WHAT IS EXPECTED | From the line containing "land cover: Spontaneously vegetated surfaces" to the end of the entries, return every line exactly, both ends included, and add nothing.

Items listed in a dataset |
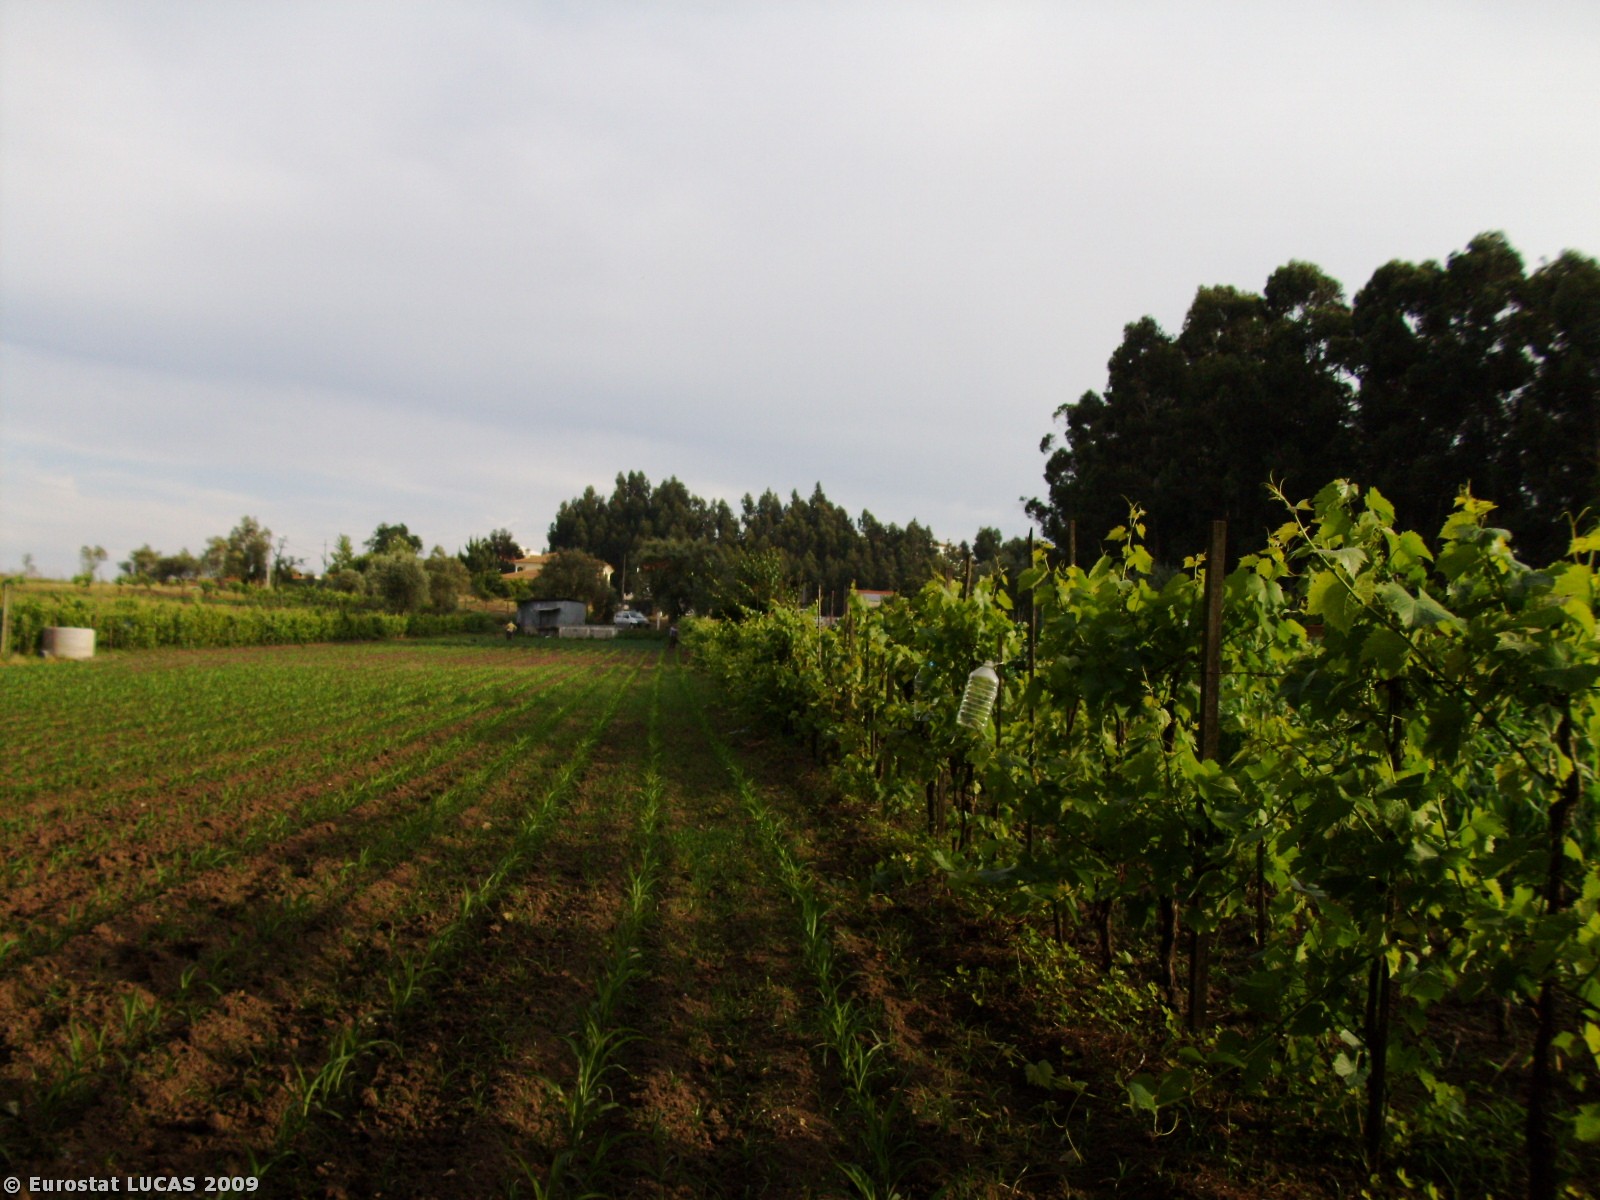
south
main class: Cropland
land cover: Maize
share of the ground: 50 - 75 %
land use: Agriculture (excluding fallow land and kitchen gardens)
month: May
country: PT
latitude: 40.5746
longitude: -8.5328
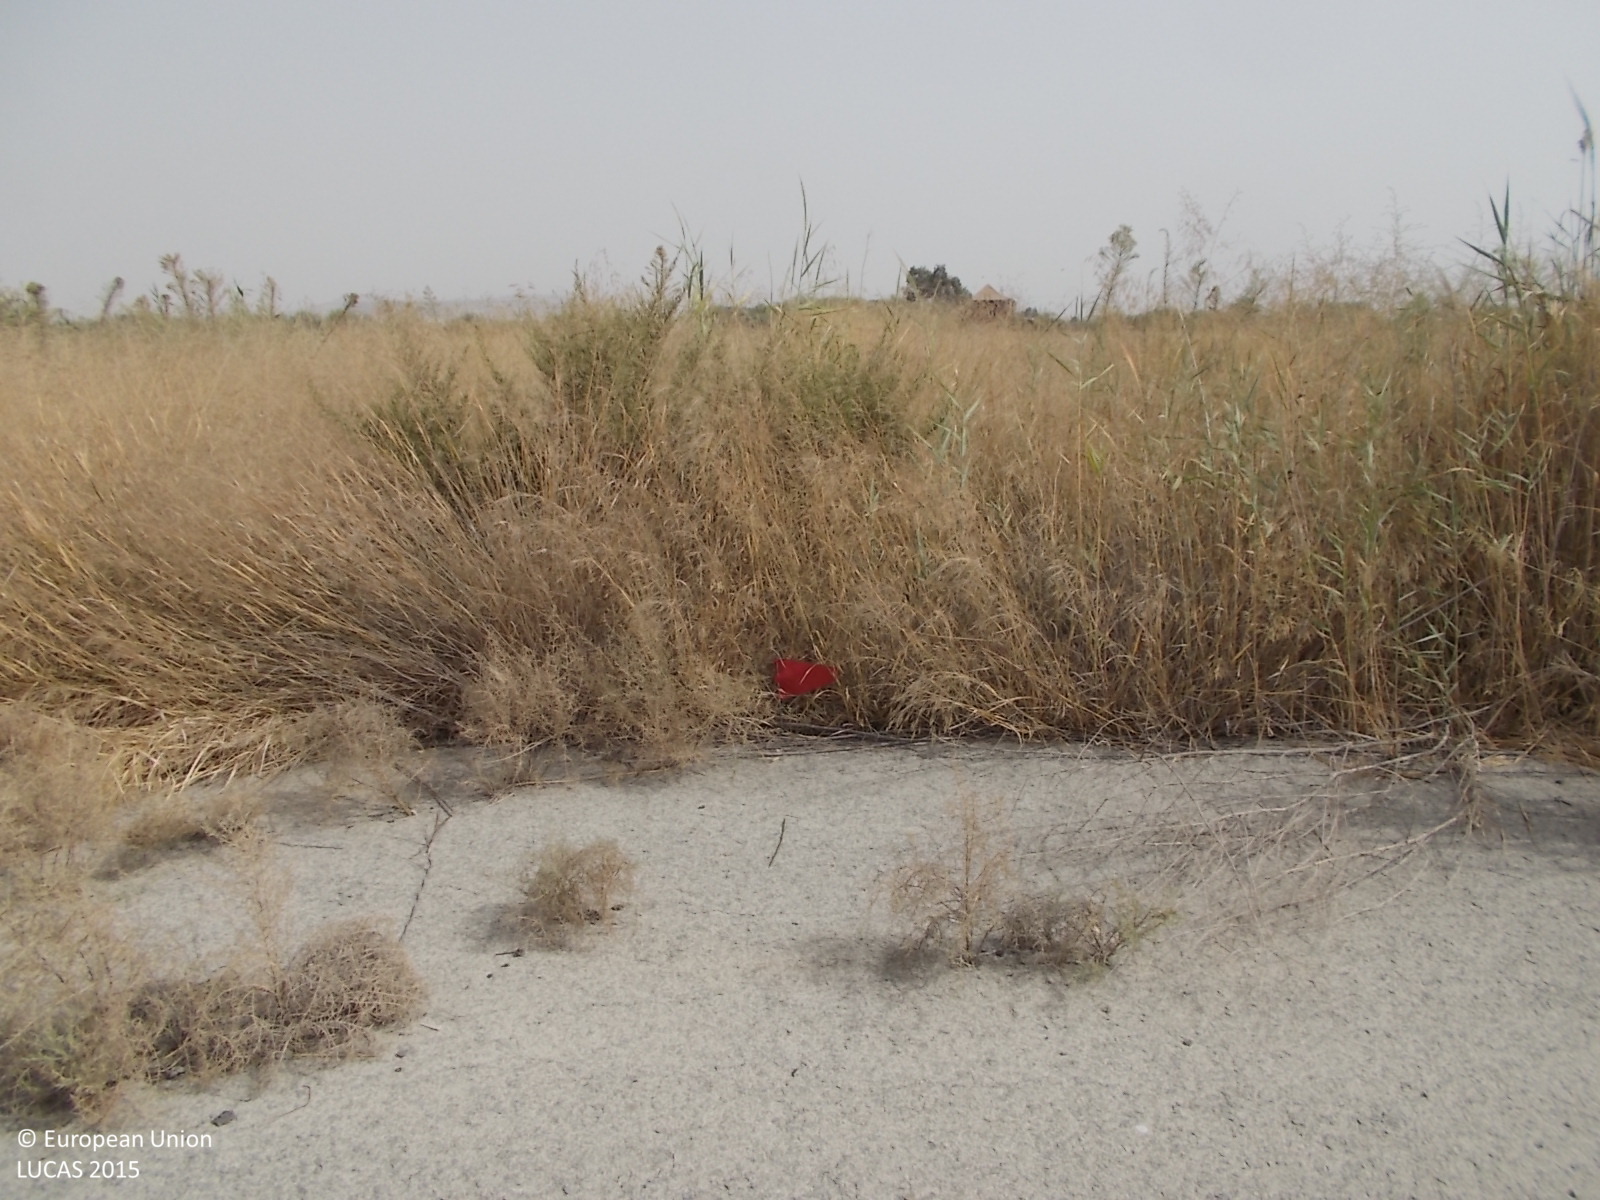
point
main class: Grassland
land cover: Spontaneously vegetated surfaces
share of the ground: > 75 %
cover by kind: herbaceous plants 100 %
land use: Abandoned areas
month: April
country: CY
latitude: 34.9468
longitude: 33.6412

WRITTEN RESPONSE |
land cover: Spontaneously vegetated surfaces
share of the ground: > 75 %
cover by kind: herbaceous plants 100 %
land use: Abandoned areas
month: April
country: CY
latitude: 34.9468
longitude: 33.6412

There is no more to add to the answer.